Infatti, è fuor di dubbio che ogni devianza è un segnale che qualcosa non va come dovrebbe andare.
Pertanto, ci si deve domandare:
- quali sono le cause prime del perché la procedura non è stata seguita?
- che cosa ne ha impedito la reale applicazione?
- la procedura era chiara?
- la procedura era concretamente attuabile?
- la procedura era contestualizzata?
Se da questa analisi emergessero più volte le stesse cause, allora sarà necessario rivedere attentamente la struttura organizzativa dell’azienda.
Non ci si può certo dimenticare, al fine di misurare lo scarto, del “Feedback degli operatori” in quanto è da loro che possono arrivare le informazioni più interessanti.

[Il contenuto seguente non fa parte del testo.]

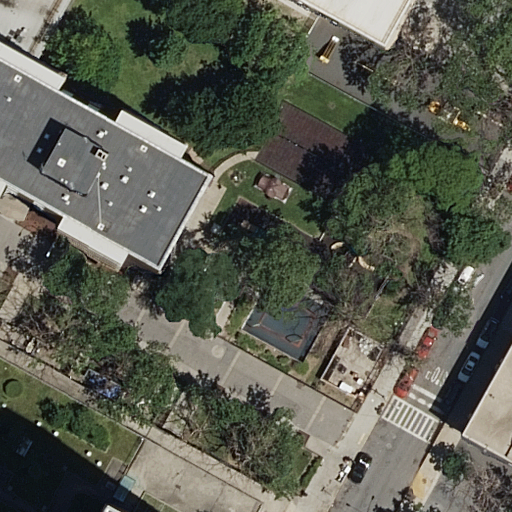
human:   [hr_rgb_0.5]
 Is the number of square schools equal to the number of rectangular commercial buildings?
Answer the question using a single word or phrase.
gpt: yes

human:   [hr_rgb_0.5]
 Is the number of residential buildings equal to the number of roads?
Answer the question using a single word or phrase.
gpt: no

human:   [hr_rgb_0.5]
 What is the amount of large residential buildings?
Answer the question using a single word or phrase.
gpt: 3

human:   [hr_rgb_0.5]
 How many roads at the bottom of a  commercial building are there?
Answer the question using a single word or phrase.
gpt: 0

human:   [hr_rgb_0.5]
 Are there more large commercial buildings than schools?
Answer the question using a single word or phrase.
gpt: no

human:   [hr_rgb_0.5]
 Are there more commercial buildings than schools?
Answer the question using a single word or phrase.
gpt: no

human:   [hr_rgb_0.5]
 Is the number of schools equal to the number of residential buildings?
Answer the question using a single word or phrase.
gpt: no

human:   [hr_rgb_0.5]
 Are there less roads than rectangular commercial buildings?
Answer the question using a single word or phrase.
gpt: no

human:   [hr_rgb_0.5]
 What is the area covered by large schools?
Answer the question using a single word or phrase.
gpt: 0m2

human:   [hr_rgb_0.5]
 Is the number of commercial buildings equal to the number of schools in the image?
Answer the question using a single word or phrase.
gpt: no

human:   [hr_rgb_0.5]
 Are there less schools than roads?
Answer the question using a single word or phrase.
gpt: yes

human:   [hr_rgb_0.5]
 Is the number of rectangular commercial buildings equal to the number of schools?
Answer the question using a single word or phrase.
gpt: no

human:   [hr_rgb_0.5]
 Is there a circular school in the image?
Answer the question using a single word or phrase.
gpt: no

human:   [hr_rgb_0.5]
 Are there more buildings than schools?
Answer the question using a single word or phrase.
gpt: yes

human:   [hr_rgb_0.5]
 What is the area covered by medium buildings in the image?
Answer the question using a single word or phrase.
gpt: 252m2

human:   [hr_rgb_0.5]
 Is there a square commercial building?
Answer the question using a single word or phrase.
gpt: no

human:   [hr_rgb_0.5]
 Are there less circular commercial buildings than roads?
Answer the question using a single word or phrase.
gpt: yes

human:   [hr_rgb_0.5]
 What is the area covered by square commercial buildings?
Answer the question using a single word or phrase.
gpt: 0m2

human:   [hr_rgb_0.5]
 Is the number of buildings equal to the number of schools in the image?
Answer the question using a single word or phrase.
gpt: no

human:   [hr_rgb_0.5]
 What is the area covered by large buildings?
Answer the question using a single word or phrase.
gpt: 2748m2

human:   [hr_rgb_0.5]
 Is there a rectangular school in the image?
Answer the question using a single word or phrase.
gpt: yes

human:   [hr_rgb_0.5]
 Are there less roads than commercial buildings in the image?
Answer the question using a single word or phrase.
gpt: no

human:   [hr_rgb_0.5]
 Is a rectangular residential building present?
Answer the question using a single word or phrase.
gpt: yes

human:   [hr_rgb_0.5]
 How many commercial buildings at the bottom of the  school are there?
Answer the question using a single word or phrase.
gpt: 0

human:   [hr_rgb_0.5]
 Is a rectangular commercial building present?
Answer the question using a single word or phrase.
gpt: no

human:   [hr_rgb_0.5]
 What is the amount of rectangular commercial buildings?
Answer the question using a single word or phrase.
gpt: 0

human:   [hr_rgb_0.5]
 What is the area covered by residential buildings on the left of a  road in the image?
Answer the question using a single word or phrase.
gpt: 2983m2

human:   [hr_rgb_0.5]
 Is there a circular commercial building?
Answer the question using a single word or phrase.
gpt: no

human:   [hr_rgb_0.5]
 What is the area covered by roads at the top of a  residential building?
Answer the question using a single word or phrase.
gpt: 0m2

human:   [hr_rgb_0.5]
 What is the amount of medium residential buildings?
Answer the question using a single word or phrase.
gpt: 1

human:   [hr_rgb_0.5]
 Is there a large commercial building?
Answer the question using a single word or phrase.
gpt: no

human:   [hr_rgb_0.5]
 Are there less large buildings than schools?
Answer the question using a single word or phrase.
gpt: no

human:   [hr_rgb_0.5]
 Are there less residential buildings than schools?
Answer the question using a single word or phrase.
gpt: no

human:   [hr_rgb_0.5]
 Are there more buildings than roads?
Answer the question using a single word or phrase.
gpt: yes

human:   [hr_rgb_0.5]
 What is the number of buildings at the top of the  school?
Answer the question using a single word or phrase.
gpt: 3

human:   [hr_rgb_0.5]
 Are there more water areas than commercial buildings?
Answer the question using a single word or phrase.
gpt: no

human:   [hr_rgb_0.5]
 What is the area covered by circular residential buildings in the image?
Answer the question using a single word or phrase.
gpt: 0m2

In genere, si utilizzano i questionari, le interviste con personale, i focus group, ecc., al fine di comprendere se le procedure sono:
- chiare,
- realmente applicabili,
- percepite come utili,
- coerenti con il contesto reale in cui devono essere applicate.
Questo tipo di analisi permette di individuare le differenze tra ciò che è scritto e ciò che è percepito e costituisce un indicatore della “Distanza” esistente.
Infine, per misurare la devianza tra la procedura coma scritta e la procedura come è applicata, torna utile anche “l’analisi degli infortuni e dei near miss” (della cui importanza se ne è ricordato recentemente anche il nostro legislatore).
Ogni near miss e ogni infortunio altro non sono che segnali che qualcosa, nell’organizzazione del lavoro, “non è andata come doveva” e ciò costituisce, senza dubbio, oltre ad un segnale, anche una misura indiretta dello scarto.
In questo caso, è opportuno verificare se la procedura che doveva essere seguita durante l’esecuzione dell’attività in cui si è verificato l’infortunio:
- era conosciuta dai soggetti coinvolti?
- era applicabile alle operazioni che si stavano svolgendo al momento dell’evento?
- era adeguata alle specificità delle operazioni da eseguire?
- era stata seguita dai soggetti coinvolti?
Ovviamente, se le risposte saranno negative, risulterà palese che l’organizzazione aziendale si trova davanti ad una “Distanza” preoccupante.
In conclusione, possiamo affermare che la “Distanza” esistente tra una procedura di sicurezza e la realtà operativa non va considerata come un’anomalia ma come un qualcosa che va conosciuto, analizzato, monitorato e gestito.
Le organizzazioni aziendali che dialogano con gli operatori sul campo, aggiornando le procedure e verificandone la concreta applicazione, sono quelle realmente in grado di costruire un robusto, credibile e realmente efficace sistema prevenzionale.